Il senatore Pd ricorda:

– Nella Confederazione elvetica si avvicina l’appuntamento con il referendum contro “l’immigrazione di massa”, promosso dalla destra xenofoba per abrogare gli accordi di libera circolazione e tornare alla politica dei contingenti di lavoro. Tale consultazione popolare si inserisce in un contesto non privo di tensioni, nel quale forze politiche prive di scrupoli sono impegnate a fomentare l’intolleranza per aumentare consensi e radicamento, mentre le forze democratiche e la stessa Confindustria, consapevoli del contributo fondamentale apportato dall’immigrazione allo sviluppo dell’economia e della società elvetica, si battono contro il tentativo di ripercorrere all’indietro le tappe di un processo di integrazione difficile e sofferto ma ormai maturo e proficuo; la comunità italiana in Svizzera è di gran lunga quella numericamente più consistente (15 per cento della popolazione, mentre gli immigrati raggiungono complessivamente il 24 per cento), protagonista di una lunga storia di lavoro, sacrifici, sofferenze e lotte per il riconoscimento della pari dignità civile, sociale e culturale, nonché per evidenti motivi una delle comunità italiane all’estero maggiormente legate alla patria d’origine, non solo da un punto di vista affettivo e morale, ma anche economico”.

Micheloni stigmatizza:

– L’ambasciata italiana in Svizzera, in seguito ad una specifica indicazione del Ministero degli affari esteri, ha ritenuto di non intervenire nella vicenda, che pure ha ferito i sentimenti dei nostri concittadini residenti in Svizzera oltre alla dignità del nostro Paese.
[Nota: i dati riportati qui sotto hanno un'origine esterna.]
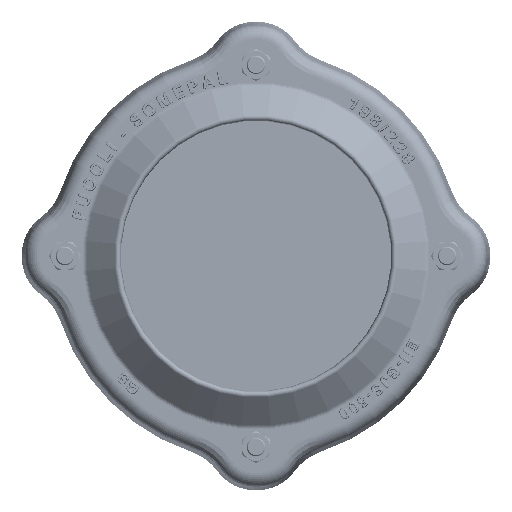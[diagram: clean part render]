
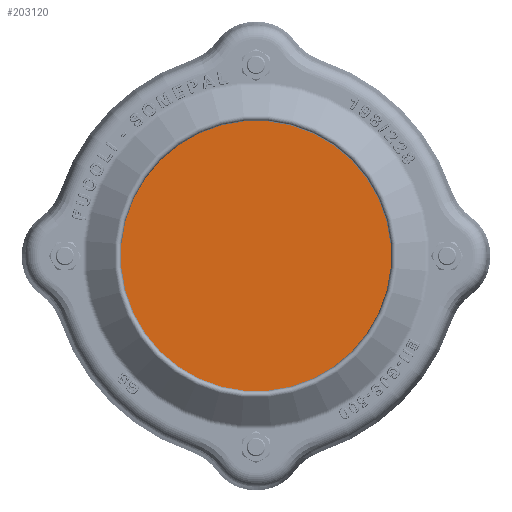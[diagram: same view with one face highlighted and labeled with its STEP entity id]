
A CAD part, left-side view. The second image highlights one B-rep face of the part: STEP entity #203120.
In plain terms, the highlighted planar face has unit normal (-1, 0, 0).
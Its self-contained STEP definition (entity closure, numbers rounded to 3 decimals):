
#6391 = EDGE_LOOP ( 'NONE', ( #336025, #318754 ) ) ;
#29878 = CIRCLE ( 'NONE', #254832, 116. ) ;
#32996 = CARTESIAN_POINT ( 'NONE',  ( -159.296, 0., 0. ) ) ;
#33242 = EDGE_CURVE ( 'NONE', #266317, #320588, #301838, .T. ) ;
#78066 = DIRECTION ( 'NONE',  ( 0., 0., -1. ) ) ;
#92168 = AXIS2_PLACEMENT_3D ( 'NONE', #103066, #130403, #78066 ) ;
#103066 = CARTESIAN_POINT ( 'NONE',  ( -159.296, 0., 0. ) ) ;
#112638 = DIRECTION ( 'NONE',  ( 0., 0., -1. ) ) ;
#128647 = DIRECTION ( 'NONE',  ( 0., 0., -1. ) ) ;
#130403 = DIRECTION ( 'NONE',  ( 1., 0., 0. ) ) ;
#150376 = EDGE_CURVE ( 'NONE', #320588, #266317, #29878, .T. ) ;
#153335 = CARTESIAN_POINT ( 'NONE',  ( -159.296, 82.024, 82.024 ) ) ;
#170890 = DIRECTION ( 'NONE',  ( -1., 0., 0. ) ) ;
#183978 = PLANE ( 'NONE',  #92168 ) ;
#193423 = CARTESIAN_POINT ( 'NONE',  ( -159.296, -82.024, -82.024 ) ) ;
#203120 = ADVANCED_FACE ( 'NONE', ( #251660 ), #183978, .F. ) ;
#224128 = AXIS2_PLACEMENT_3D ( 'NONE', #32996, #170890, #112638 ) ;
#251660 = FACE_OUTER_BOUND ( 'NONE', #6391, .T. ) ;
#254832 = AXIS2_PLACEMENT_3D ( 'NONE', #314269, #343913, #128647 ) ;
#266317 = VERTEX_POINT ( 'NONE', #193423 ) ;
#301838 = CIRCLE ( 'NONE', #224128, 116. ) ;
#314269 = CARTESIAN_POINT ( 'NONE',  ( -159.296, 0., 0. ) ) ;
#318754 = ORIENTED_EDGE ( 'NONE', *, *, #150376, .T. ) ;
#320588 = VERTEX_POINT ( 'NONE', #153335 ) ;
#336025 = ORIENTED_EDGE ( 'NONE', *, *, #33242, .T. ) ;
#343913 = DIRECTION ( 'NONE',  ( -1., 0., 0. ) ) ;

Dopo due settimane di polemiche e una denuncia penale per discriminazione razziale promossa dal giurista Carlo Alberto Di Bisceglia, dichiaratosi pronto a ritirare la denuncia in caso di scuse pubbliche (nonostante le intimidazioni anonime ricevute in seguito alla sua iniziativa), il sindaco di Berna ha ritenuto di respingere in blocco tanto le accuse di discriminazione quanto l’eventualità di scusarsi, limitandosi ipocritamente ad esprimere un rammarico ipotetico (nel caso in cui le sue battute avessero offeso qualcuno) e dichiarando di non potersi scusare per non alimentare il sospetto di agire per timore dell’azione legale, sospetto che egli ritiene evidentemente più grave e importante delle conseguenze della sua irresponsabile volgarità.
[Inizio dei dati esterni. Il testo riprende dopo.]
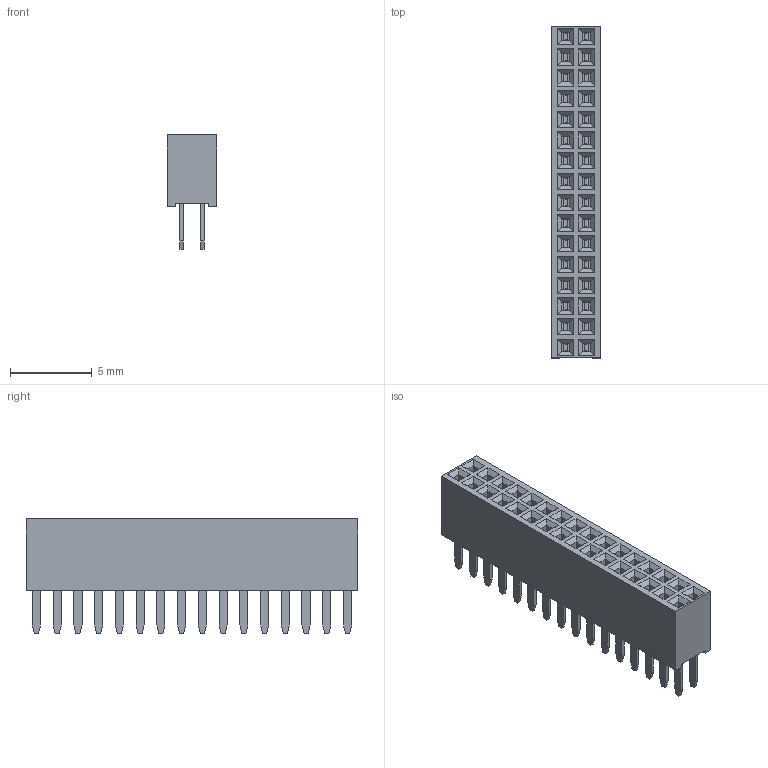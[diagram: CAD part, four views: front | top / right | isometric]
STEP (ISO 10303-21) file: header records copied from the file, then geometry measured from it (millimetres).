
FILE_DESCRIPTION(/* description */ ('model of PinSocket_2x16_P1.27mm_Vertical'),/* implementation_level */ '2;1');
FILE_NAME(/* name */ 'PinSocket_2x16_P1.27mm_Vertical.step',/* time_stamp */ '2017-11-27T01:04:23',/* author */ ('Terje Io','https://github.com/terjeio'),/* organization */ ('FreeCAD'),/* preprocessor_version */ 'OCC',/* originating_system */ 'kicad StepUp',/* authorisation */ '');
FILE_SCHEMA(('AUTOMOTIVE_DESIGN_CC2 { 1 2 10303 214 -1 1 5 4 }'));
Length unit declared in the file: millimetre
Products named in the file (1): PinSocket_2x16_P127mm_Vertical
Bounding box: 3.05 x 20.32 x 7 mm (x, y, z)
Volume: 243.4 mm3; surface area: 703.1 mm2
Topology: 1 solids, 1 shells, 1002 faces, 2584 edges, 1680 vertices
Faces by surface type: plane 1002
Entity records: 18835 total; most frequent: ORIENTED_EDGE 3748, EDGE_CURVE 2584, LINE 2454, CARTESIAN_POINT 2328, VERTEX_POINT 1680, FACE_BOUND 1098, EDGE_LOOP 1098, ADVANCED_FACE 1002

Il senatore, dunque, chiede di sapere “quale sia il motivo per cui né l’ambasciata italiana in Svizzera, né il Ministero degli affari esteri, né il Governo hanno ritenuto finora di protestare per l’accaduto” e “se il Ministro in indirizzo ritenga di intervenire quanto prima per restituire dignità all’immagine dell’Italia, affinché sia riconosciuto il valore dei sacrifici compiuti dai cittadini italiani emigrati all’estero in cerca di lavoro, in particolare nella Confederazione elvetica, e perché non siano lasciate sole, in virtù di non si sa quale paradosso dell’arte diplomatica, quelle tante forze sane della società svizzera che si battono contro il ritorno di un passato di intolleranza che tutti ricordano, o dovrebbero ricordare, con dolore e profondo rispetto e gratitudine nei confronti dei concittadini che ne hanno subito le conseguenze”.